## The problem
Word for word, restate each of the entries below, and drop every picture.

*** Provided records Section Begins ***

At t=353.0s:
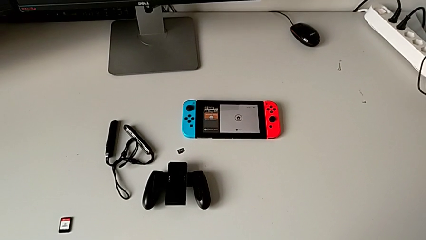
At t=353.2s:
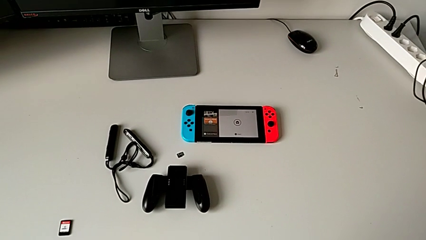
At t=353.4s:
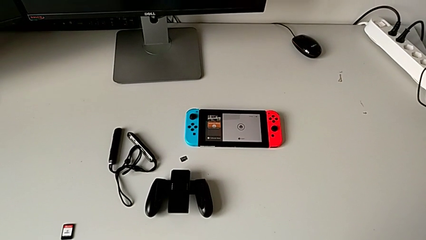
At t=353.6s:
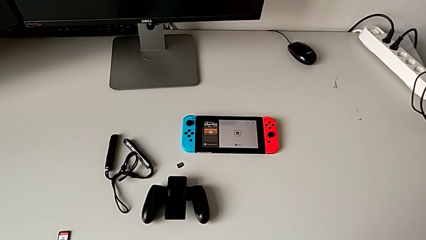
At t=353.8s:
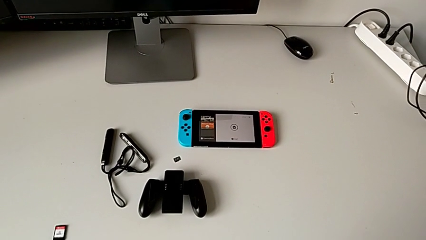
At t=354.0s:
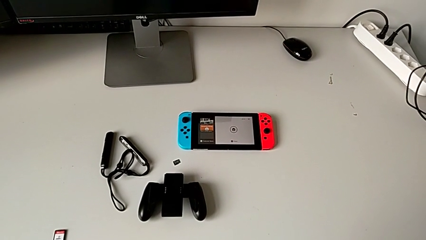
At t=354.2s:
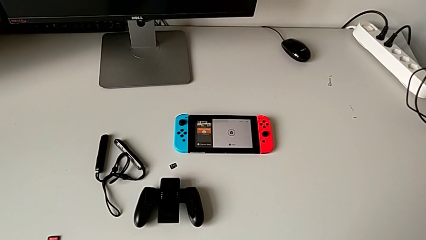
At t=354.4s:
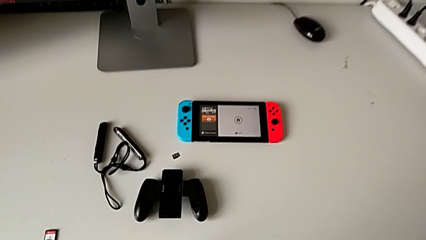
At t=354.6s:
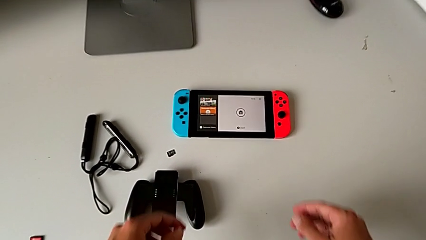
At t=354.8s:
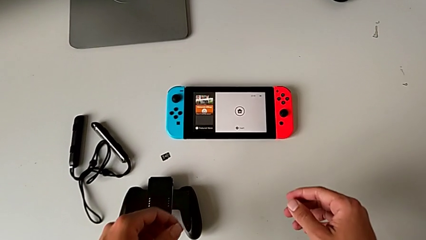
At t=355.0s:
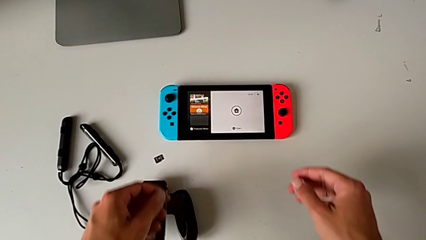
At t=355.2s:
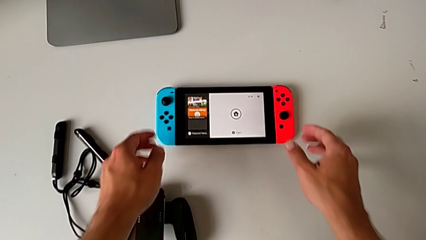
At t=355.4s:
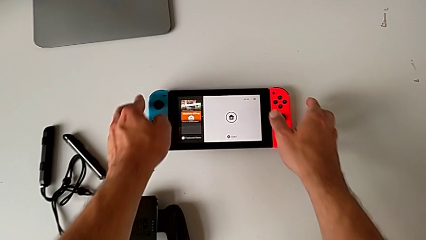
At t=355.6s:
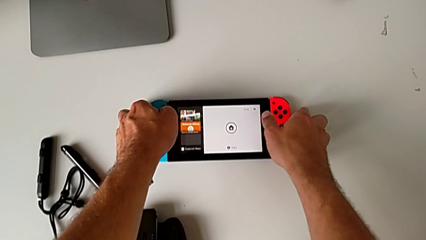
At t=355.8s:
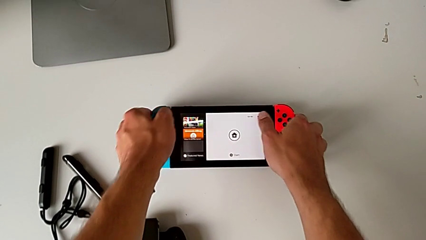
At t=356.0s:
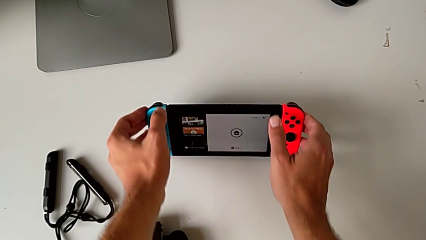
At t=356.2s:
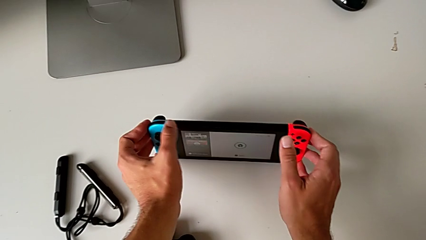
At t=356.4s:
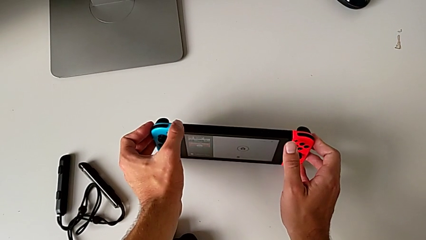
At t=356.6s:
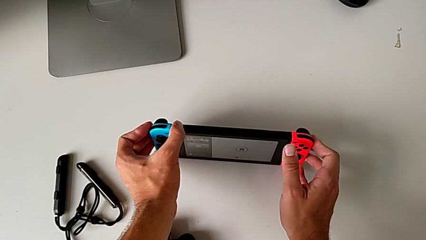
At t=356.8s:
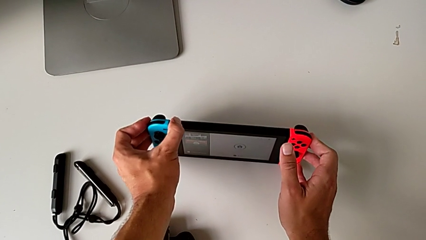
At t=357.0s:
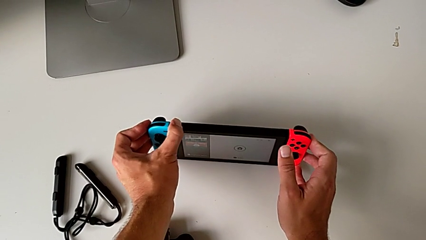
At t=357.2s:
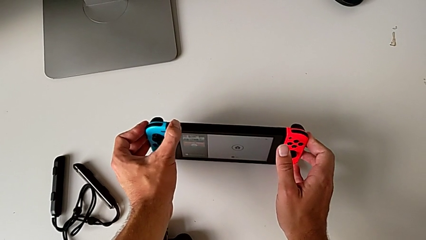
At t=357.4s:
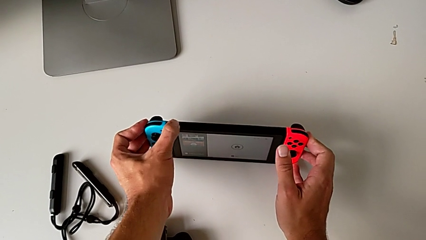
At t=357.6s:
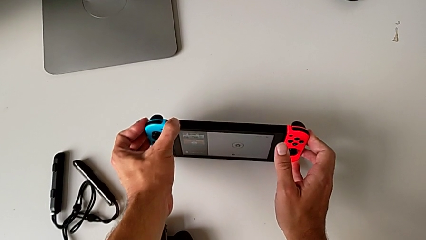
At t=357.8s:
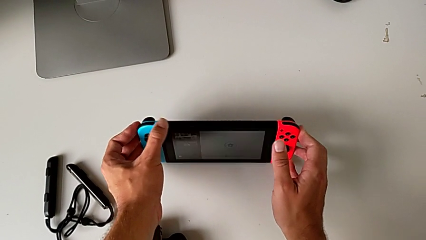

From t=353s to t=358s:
The camera wearer is turning off the Nintendo Switch. They grab the Nintendo Switch and begin to push the power button.

*** Provided records Section Ends ***

## Answer to this problem
At t=353.0s:
At t=353.2s:
At t=353.4s:
At t=353.6s:
At t=353.8s:
At t=354.0s:
At t=354.2s:
At t=354.4s:
At t=354.6s:
At t=354.8s:
At t=355.0s:
At t=355.2s:
At t=355.4s:
At t=355.6s:
At t=355.8s:
At t=356.0s:
At t=356.2s:
At t=356.4s:
At t=356.6s:
At t=356.8s:
At t=357.0s:
At t=357.2s:
At t=357.4s:
At t=357.6s:
At t=357.8s:

From t=353s to t=358s:
The camera wearer is turning off the Nintendo Switch. They grab the Nintendo Switch and begin to push the power button.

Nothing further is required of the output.